Annex IV Technical Documentation (10 items)

7. Element 1 (general description) complete and current
8. Element 2 (detailed description including architecture and training) complete
9. Element 3 (training/validation/test data governance) complete with demographic breakdown
10. Element 4 (monitoring/control measures, Art.14 human oversight) complete
11. Element 5 (Art.9 risk assessment and risk register) complete
12. Element 6 (Art.72 PMM plan) drafted and linked to Art.73 incident criteria
13. Element 7 (draft EU Declaration of Conformity per Annex V) prepared
14. Element 8 (instructions for use per Art.13(3)) complete
15. Technical documentation version-controlled and access-controlled
16. Designated responsible person (Art.16(1)(k)) assigned for documentation oversight

Internal Control Steps — Annex VI (8 items)

17. Harmonised standards search completed; applicable standards identified or absence documented
18. Art.42 presumption of conformity assessed for standards-covered aspects
19. Internal Assessment Report completed and signed
20. Performance testing results documented with version identifiers
21. Bias/fairness testing with demographic disaggregation completed (Art.10(5), Art.9(7))
22. Robustness testing (adversarial inputs, distribution shift) completed
23. Cybersecurity assessment (Art.15(5)) completed and documented
24. Human oversight mechanism (Art.14) interrupt/override tested and verified

Notified Body — Annex VII (6 items, if applicable)

25. QMS operational and documented to Annex VII Appendix 1 standard
26. QMS submitted to notified body for assessment
27. Technical documentation submitted for notified body review
28. Non-conformities from notified body review resolved
29. QMS Certificate received from notified body
30. EU-Type Examination Certificate received

Declaration and Marking (5 items)

31. EU Declaration of Conformity (Annex V) signed by legal representative
32. All mandatory fields in Annex V declaration complete
33. CE marking affixed to system, packaging, or documentation (Art.49)
34. Declaration drawn up in relevant EU official language(s)
35. Declaration and assessment records placed in Art.18 10-year retention storage

Ongoing Obligations (5 items)

36. Art.23 substantial modification assessment gate implemented in deployment pipeline
37. Change control process includes Art.23 classification for all model/purpose/design changes
38. Re-assessment trigger documented: substantial modification → Art.31 re-run before re-deployment
39. Art.71 EU AI database registration initiated (required before market placement for most Annex III)
40. Conformity records accessible to market surveillance authorities within timeframe (Art.21)

What to Do Now

If you have a biometric identification system (Annex III point 1): Start Annex VII engagement immediately — 6-12 month notified body queue is realistic in 2026. Begin QMS development to ISO 9001:2015 level in parallel.
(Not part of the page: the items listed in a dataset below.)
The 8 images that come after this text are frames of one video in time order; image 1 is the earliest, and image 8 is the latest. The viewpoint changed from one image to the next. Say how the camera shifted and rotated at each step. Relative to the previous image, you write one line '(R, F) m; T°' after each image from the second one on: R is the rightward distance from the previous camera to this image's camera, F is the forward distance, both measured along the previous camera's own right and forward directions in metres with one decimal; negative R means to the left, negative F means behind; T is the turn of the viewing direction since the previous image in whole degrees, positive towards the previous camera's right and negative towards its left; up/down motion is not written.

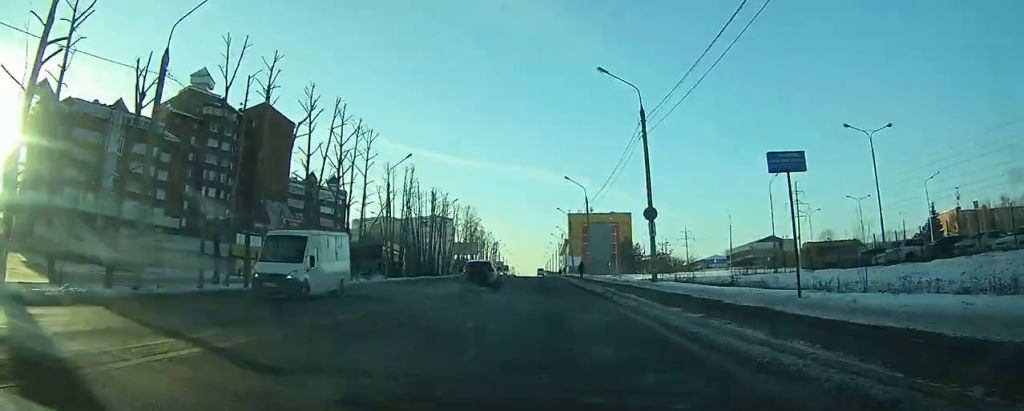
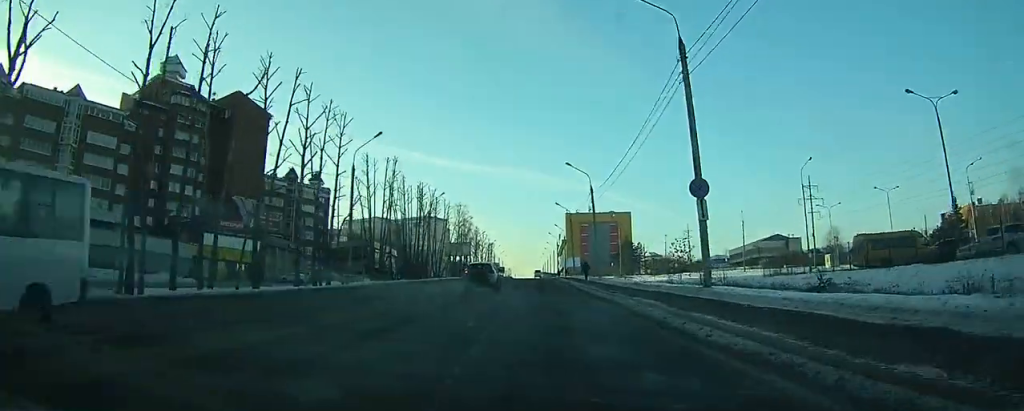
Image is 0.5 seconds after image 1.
(0.0, +9.2) m; 0°
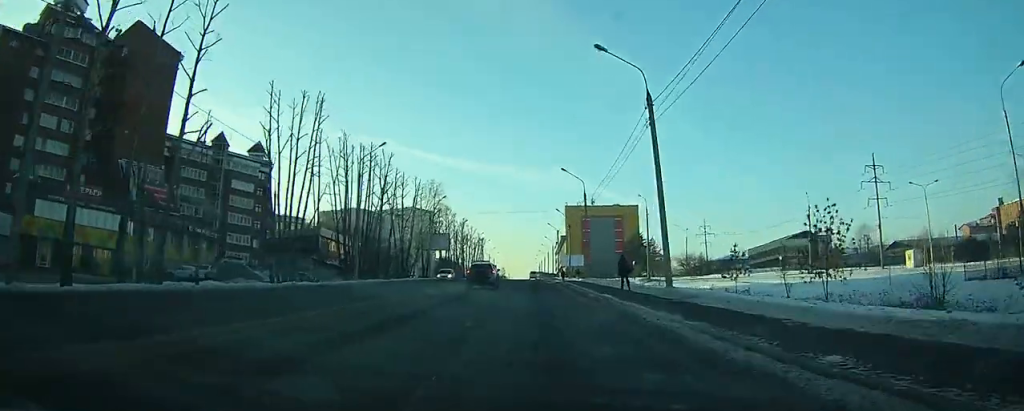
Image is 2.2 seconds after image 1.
(+0.1, +27.9) m; 0°
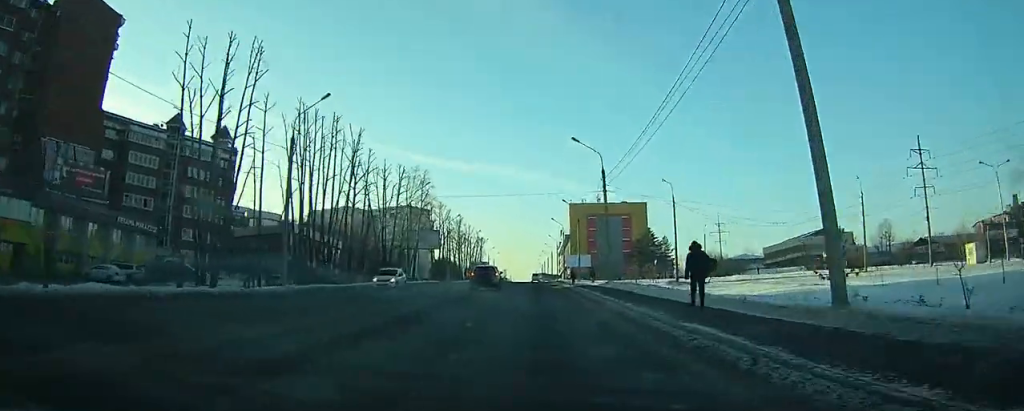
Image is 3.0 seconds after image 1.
(0.0, +13.1) m; 0°
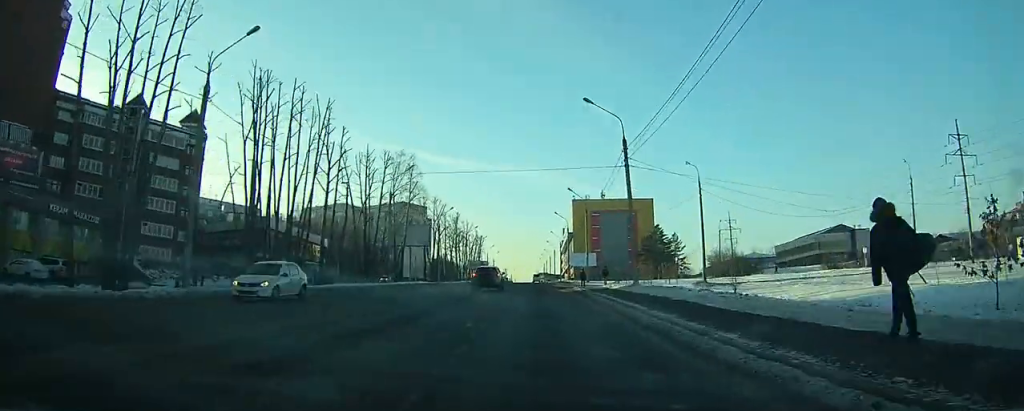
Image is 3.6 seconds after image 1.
(0.0, +9.2) m; 0°
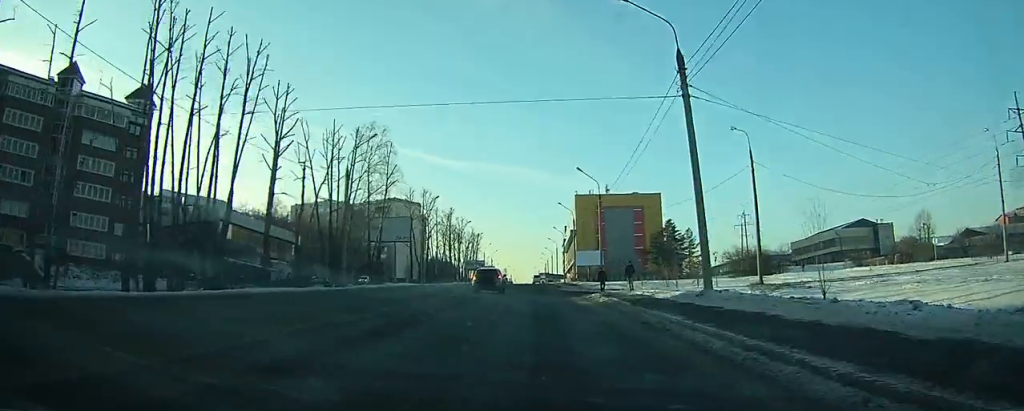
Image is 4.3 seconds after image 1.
(-0.1, +12.5) m; 0°
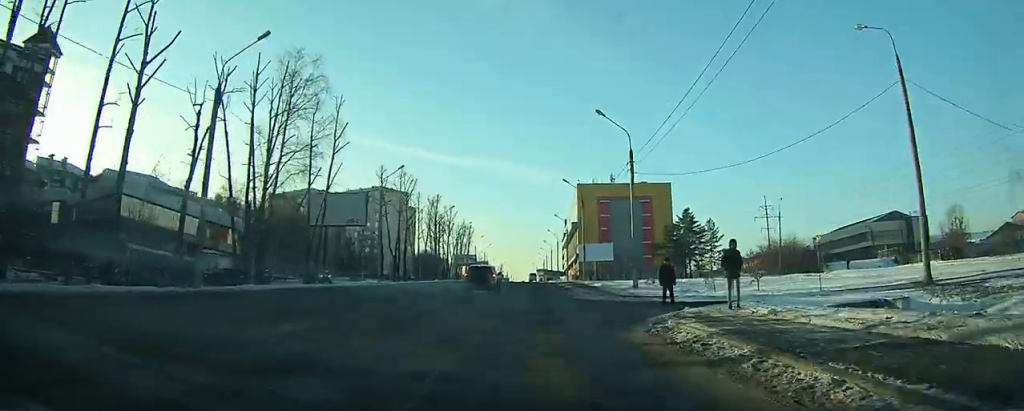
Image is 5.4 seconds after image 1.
(+0.2, +19.9) m; 0°
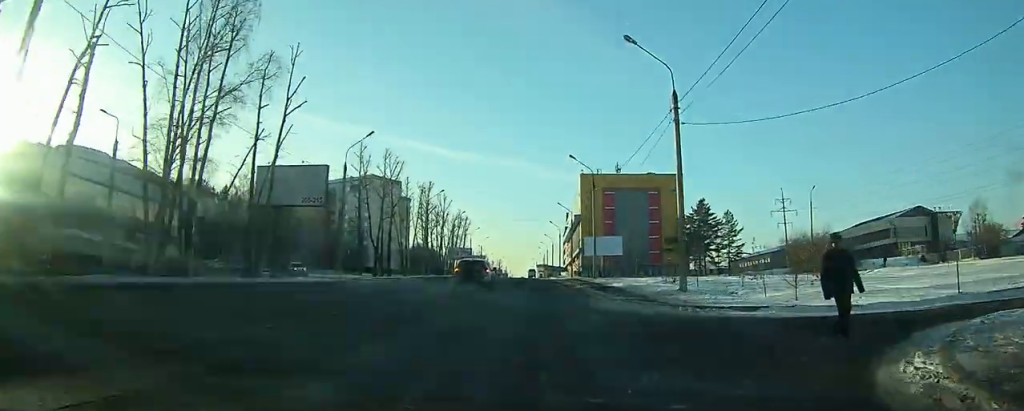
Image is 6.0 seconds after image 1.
(-0.1, +12.1) m; 0°

The notified body engagement itself requires 4-6 months of preparation.

If you have any other Annex III high-risk AI system: Run the TechnicalDocumentationVerifier batch verification against your current documentation state. Any gap in Annex IV will block Annex VI completion. Most providers are 40-60% ready when they first audit their documentation — the typical gap is Art.9 risk register depth and Art.14 human oversight documentation.

If you are pre-development: Architect conformity assessment into your SDLC as a first-class gate. The providers who complete Art.31 fastest are those who treat technical documentation as a living artefact updated at each sprint, not a document written retrospectively 4 weeks before market placement.
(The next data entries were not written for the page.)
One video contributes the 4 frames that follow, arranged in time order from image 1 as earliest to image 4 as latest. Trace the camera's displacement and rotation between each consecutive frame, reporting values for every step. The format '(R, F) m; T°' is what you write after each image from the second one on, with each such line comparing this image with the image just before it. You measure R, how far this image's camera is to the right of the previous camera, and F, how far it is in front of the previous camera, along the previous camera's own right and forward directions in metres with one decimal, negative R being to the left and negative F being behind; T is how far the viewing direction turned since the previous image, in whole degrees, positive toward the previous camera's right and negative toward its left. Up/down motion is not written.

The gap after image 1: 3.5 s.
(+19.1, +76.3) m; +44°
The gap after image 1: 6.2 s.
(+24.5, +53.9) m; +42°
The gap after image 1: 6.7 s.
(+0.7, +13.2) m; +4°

If you need to store conformity documentation: Evaluate infrastructure jurisdiction before selecting a storage provider. Annex IV documentation, test results, and QMS records stored on US-headquartered cloud infrastructure are subject to CLOUD Act demands with no EU judicial oversight. EU-native infrastructure eliminates this dual-jurisdiction exposure and simplifies Art.21 cooperation with market surveillance authorities.